Download or read book Trying Neaira written by Debra Hamel and published by Yale University Press. This book was released on 2003-01-01 with total page 224 pages. Available in PDF, EPUB and Kindle. Book excerpt: Apollodorus and Stephanos of Athens had faced each other in court on a number of occasions, but their running feud was brought to a head in the late 340s when Stephanos' lover Neaira was prosecuted for transgressing Athenian marriage laws. Building on Apollodorus' speech from the trial and other source material, Debra Hamel recreates Neaira's life and experiences from her lowly origins in a brothel in Corinth, to a highly paid courtesan and sex slave, her retirement and 30-year relationship with Stephanos. Neaira's story allows Hamel to touch on many aspects of Athenian social history, from issues of prostitution and adultery, to religion and slavery, the life of a female non-citizen, to the legal process of the 4th century. An engaging story through which Hamel offers an extraordinary window onto Athenian society.
Book Synopsis The Athenian Ephebeia in the Fourth Century BCE by : John L. Friend
Download or read book The Athenian Ephebeia in the Fourth Century BCE written by John L. Friend and published by Brill Studies in Greek and Rom. This book was released on 2019 with total page 309 pages. Available in PDF, EPUB and Kindle. Book excerpt: Based on the comprehensive study of the epigraphic and literary evidence, this book challenges the almost universally-held assumptions of modern scholarship on the date of origin, the function, and the purpose of the Athenian ephebeia. It offers a detailed reconstruction of the institution, which in the fourth century BCE was a state-organized and -funded system of mandatory national service for ephebes, citizens in their nineteenth and twentieth years, consisting of garrison duty, military training, and civic education. It concludes that the contribution of the ephebeiawas vital for the security of Attica and that the ephebes' non-military activities were moulded by social, economic, and religious influences which reflect the preoccupations of Lycurgus' administration in the 330s and 320s BCE.

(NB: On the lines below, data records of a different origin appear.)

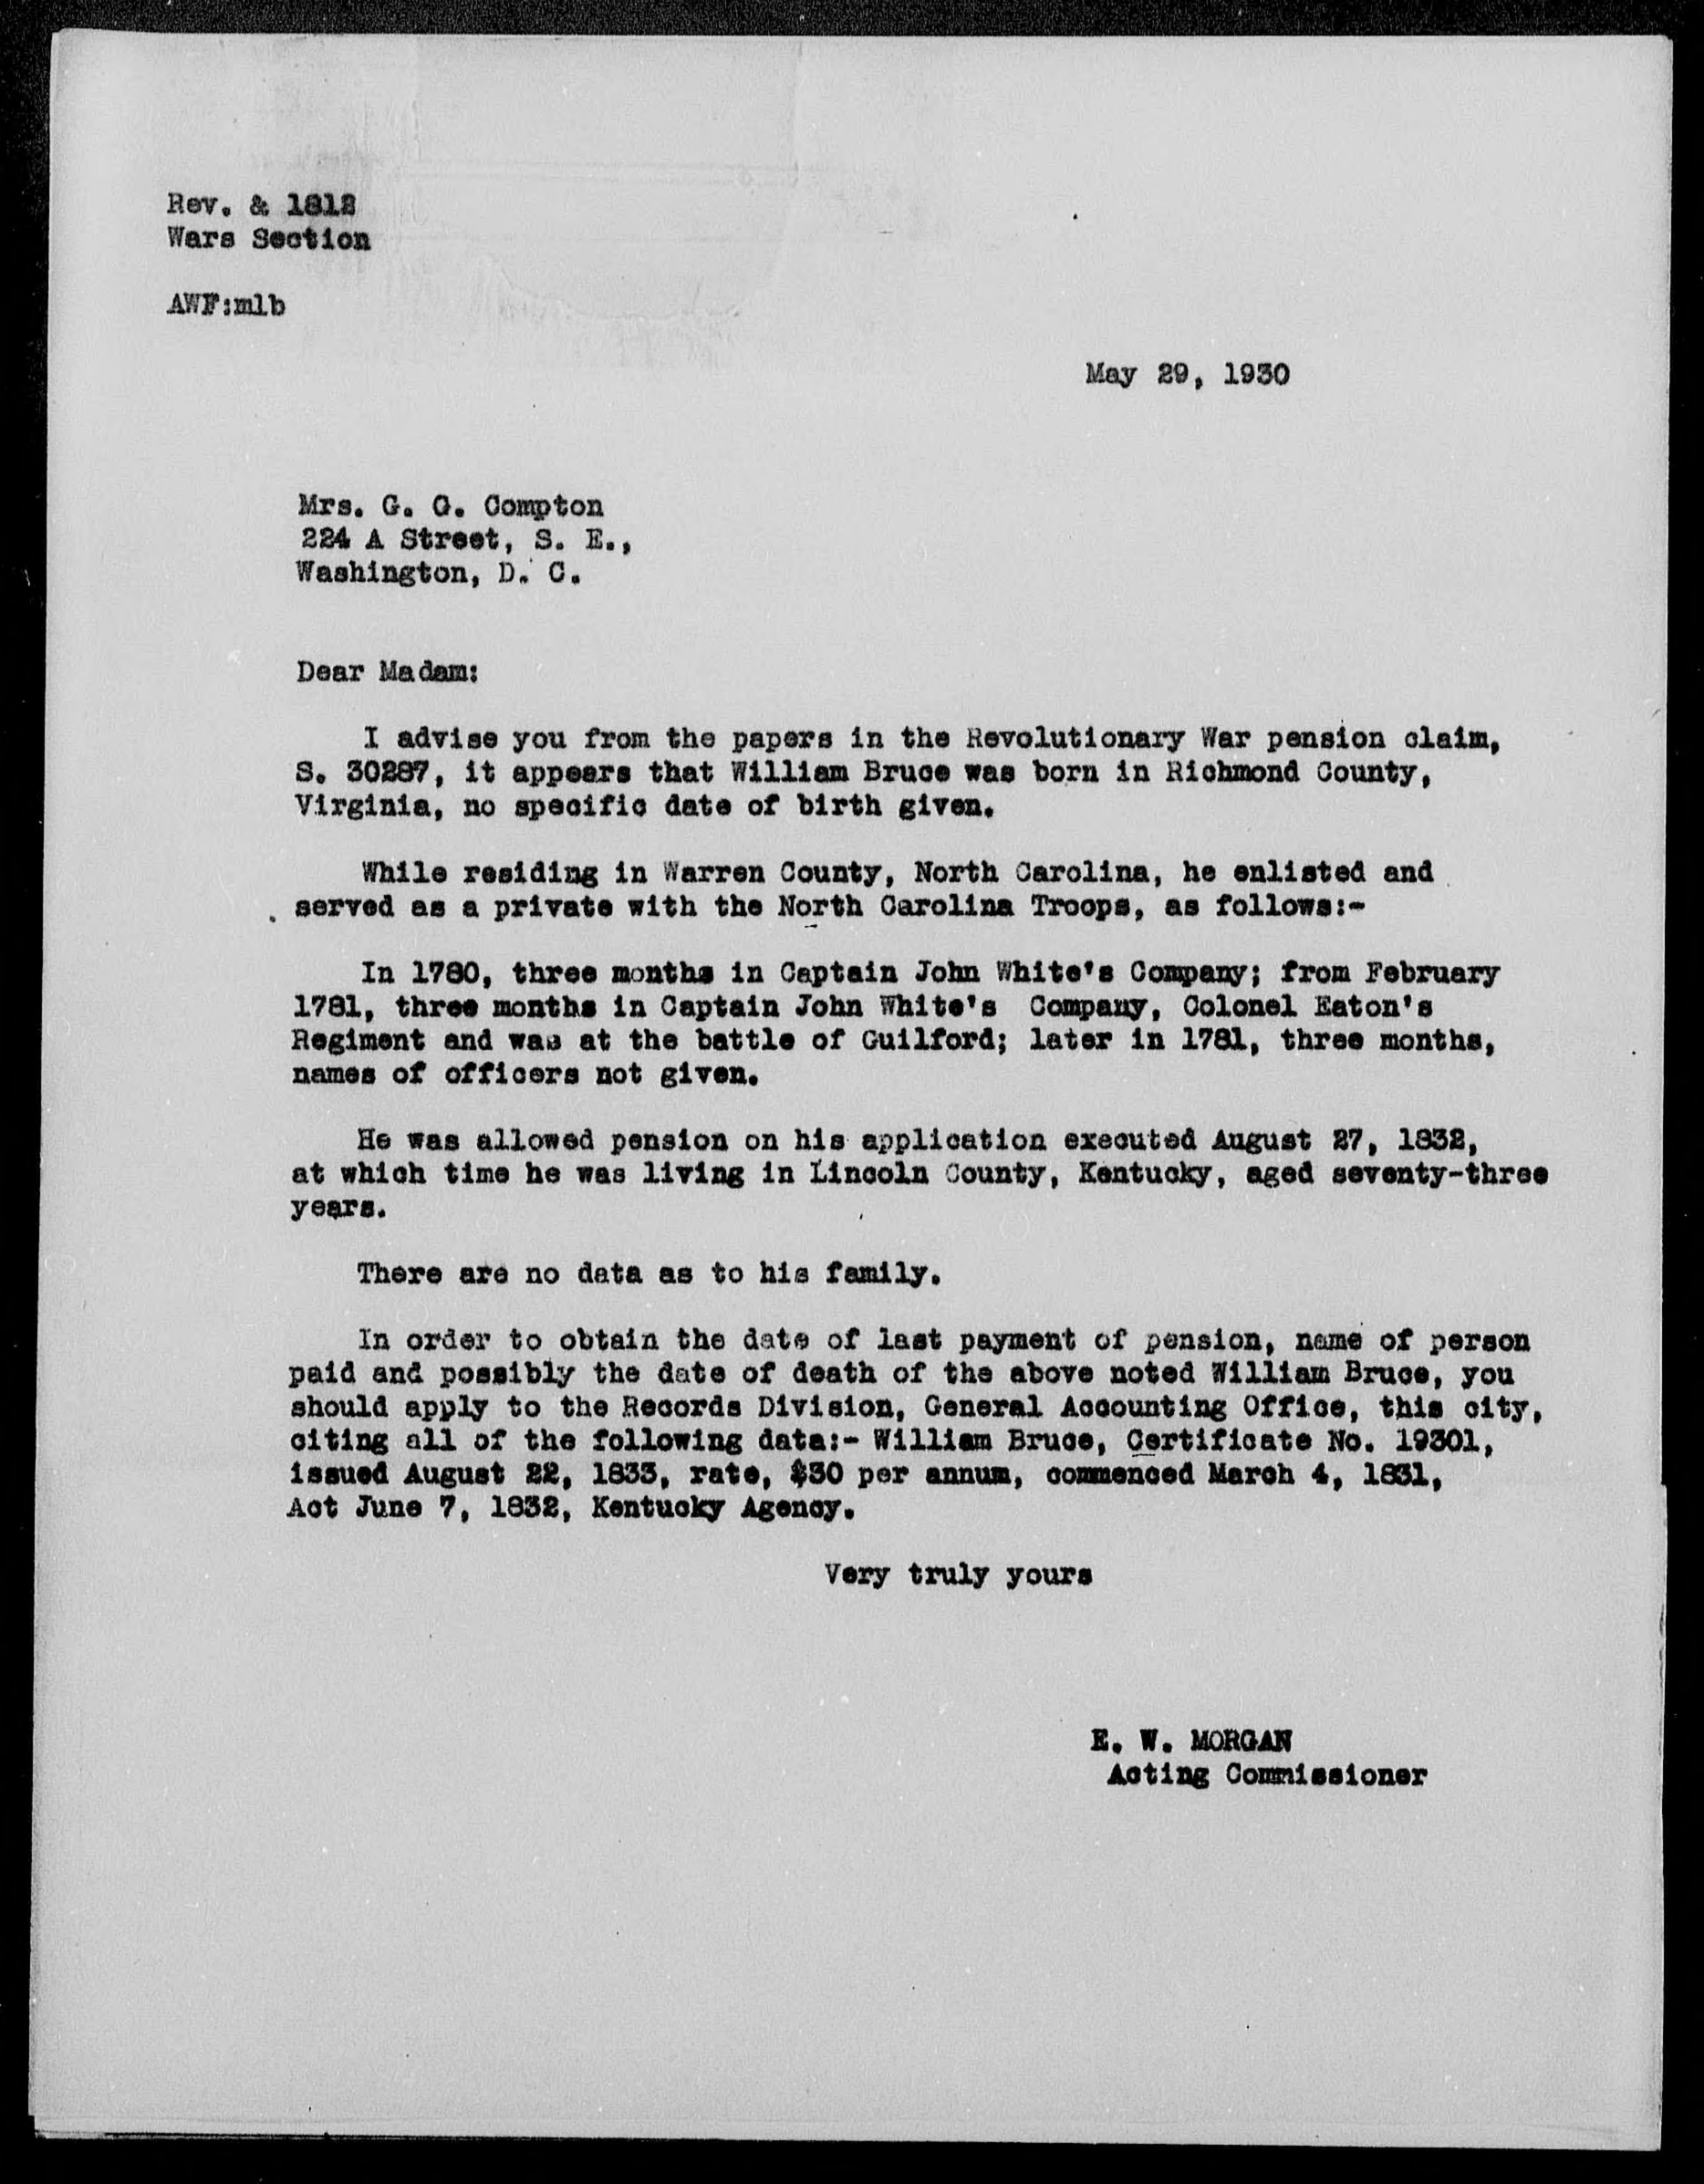[typed form]

Rev. & 1812 
Wars Section 

AWF:mlb 

May 29, 1930

Mrs. G. G. Compton 
224 A Street, S. E. 
Washington, D. C. 

Dear Madam: 

I advise you from the papers in the Revolutionary War pension claim, S. 30287, it appears that William Bruce was born in Richmond County, Virginia, no specific date of birth given.

While residing in Warren County, North Carolina, he enlisted and served as a private with the North Carolina Troops, as follows: 

In 1780, three months in Captain John White's Company; from February 1781, three months in Captain John White's Company, Colonel Eaton's Regiment and was at the battle of Guilford; later in 1781, three months, names of officers not given. 

He was allowed pension on his application executed August 27, 1832, at which time he was living in Lincoln County, Kentucky, aged seventy-three years. 

There are no data as to his family.

In order to obtain the date of last payment of pension, name of person paid and possibly the date of death of the above noted William Bruce, you should apply to the Records Division, General Accounting Office, this city, citing all of the following data: William Bruce, Certificate No. 19301, issued August 22, 1833, rate, $30 per annum, commenced March 4, 1831, Act June 7, 1832, Kentucky Agency. 

Very truly yours 

E. W. MORGAN 
Acting Commissioner

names: William Bruce, G G Compton, William Bruce, E W Morgan, William Bruce
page: 14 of 54
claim: survivor's
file: S. 30287, William Bruce, N.C.
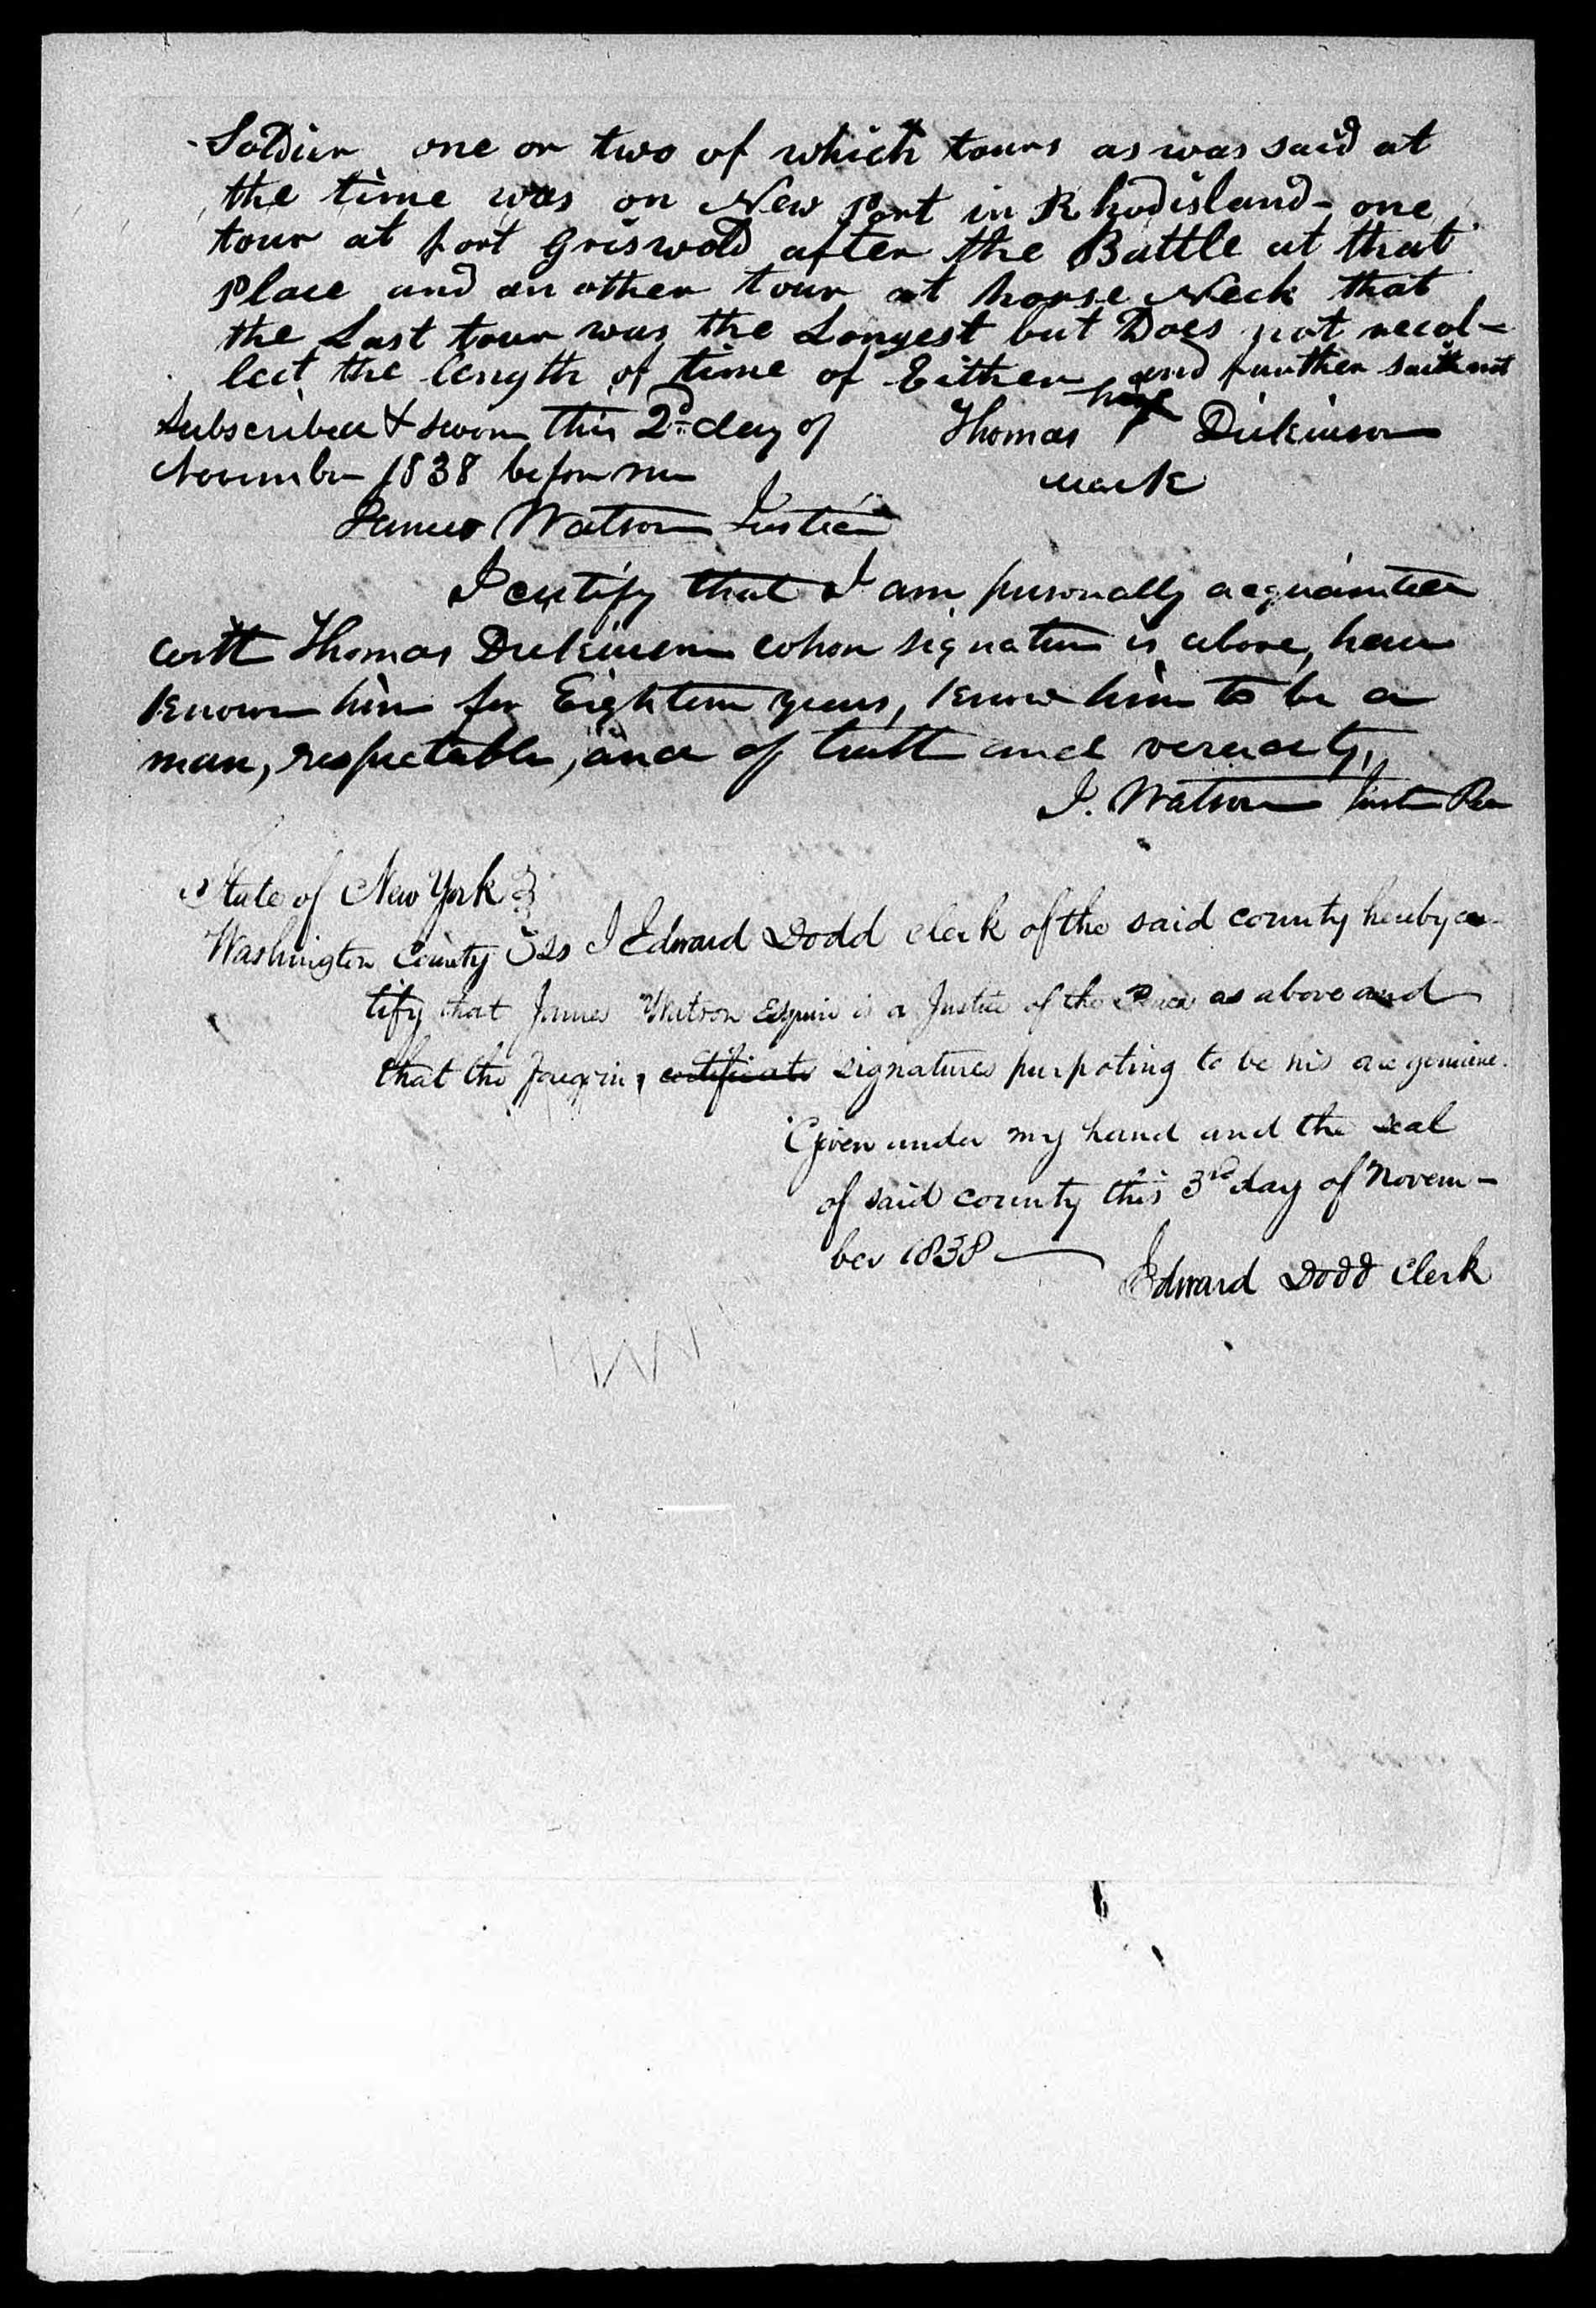Soldier, one or two of which tours as was said at the time was on New pont in Rhodisland - one tour at Fort Griswold after the Battle at that Place and an other tour at HorseNeck that the Last tour was the Longest but Does not recollect the length of time of Either and further [] [] and sworn this 2d day of November 1838 before me James Watson L[]

Thomas Dickinson
[]

I certify that I am personally acquainted with Thomas Dickinson whose signature is above, hear known him for Eighteen years, [] him to be a man, respectable, and of truth and veracity
J. Watson []

State of New York
Washington County [] I Edward Dodd clerk of the said county hereby certify that James Watson E[] is a Justice of the Peace as above and that the forgoing [certificate crossed out] signature p[]ting to be his [] genuine.
Give under my hand and the seal of said county this 3rd day of November 1838
Edward Dodd Clerk

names: James Watson, Thomas Dickinson, Edward Dodd, James Watson, J Watson, Thomas Dickinson, Edward Dodd
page: 16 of 60
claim: widow's
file: W 16,955, Samuel Dickinson, Conn.

Book Synopsis Why Plato Wrote by : Danielle S. Allen
Download or read book Why Plato Wrote written by Danielle S. Allen and published by John Wiley & Sons. This book was released on 2010-11-15 with total page 246 pages. Available in PDF, EPUB and Kindle. Book excerpt: Why Plato Wrote argues that Plato was not only the world’s first systematic political philosopher, but also the western world’s first think-tank activist and message man. Shows that Plato wrote to change Athenian society and thereby transform Athenian politics Offers accessible discussions of Plato’s philosophy of language and political theory Selected by Choice as an Outstanding Academic Title for 2011
Book Synopsis Performance Culture and Athenian Democracy by : Simon Goldhill
Download or read book Performance Culture and Athenian Democracy written by Simon Goldhill and published by Cambridge University Press. This book was released on 1999-06-13 with total page 434 pages. Available in PDF, EPUB and Kindle. Book excerpt: This 1999 book discusses the ways performance is central to the practice and ideology of Athenian democracy.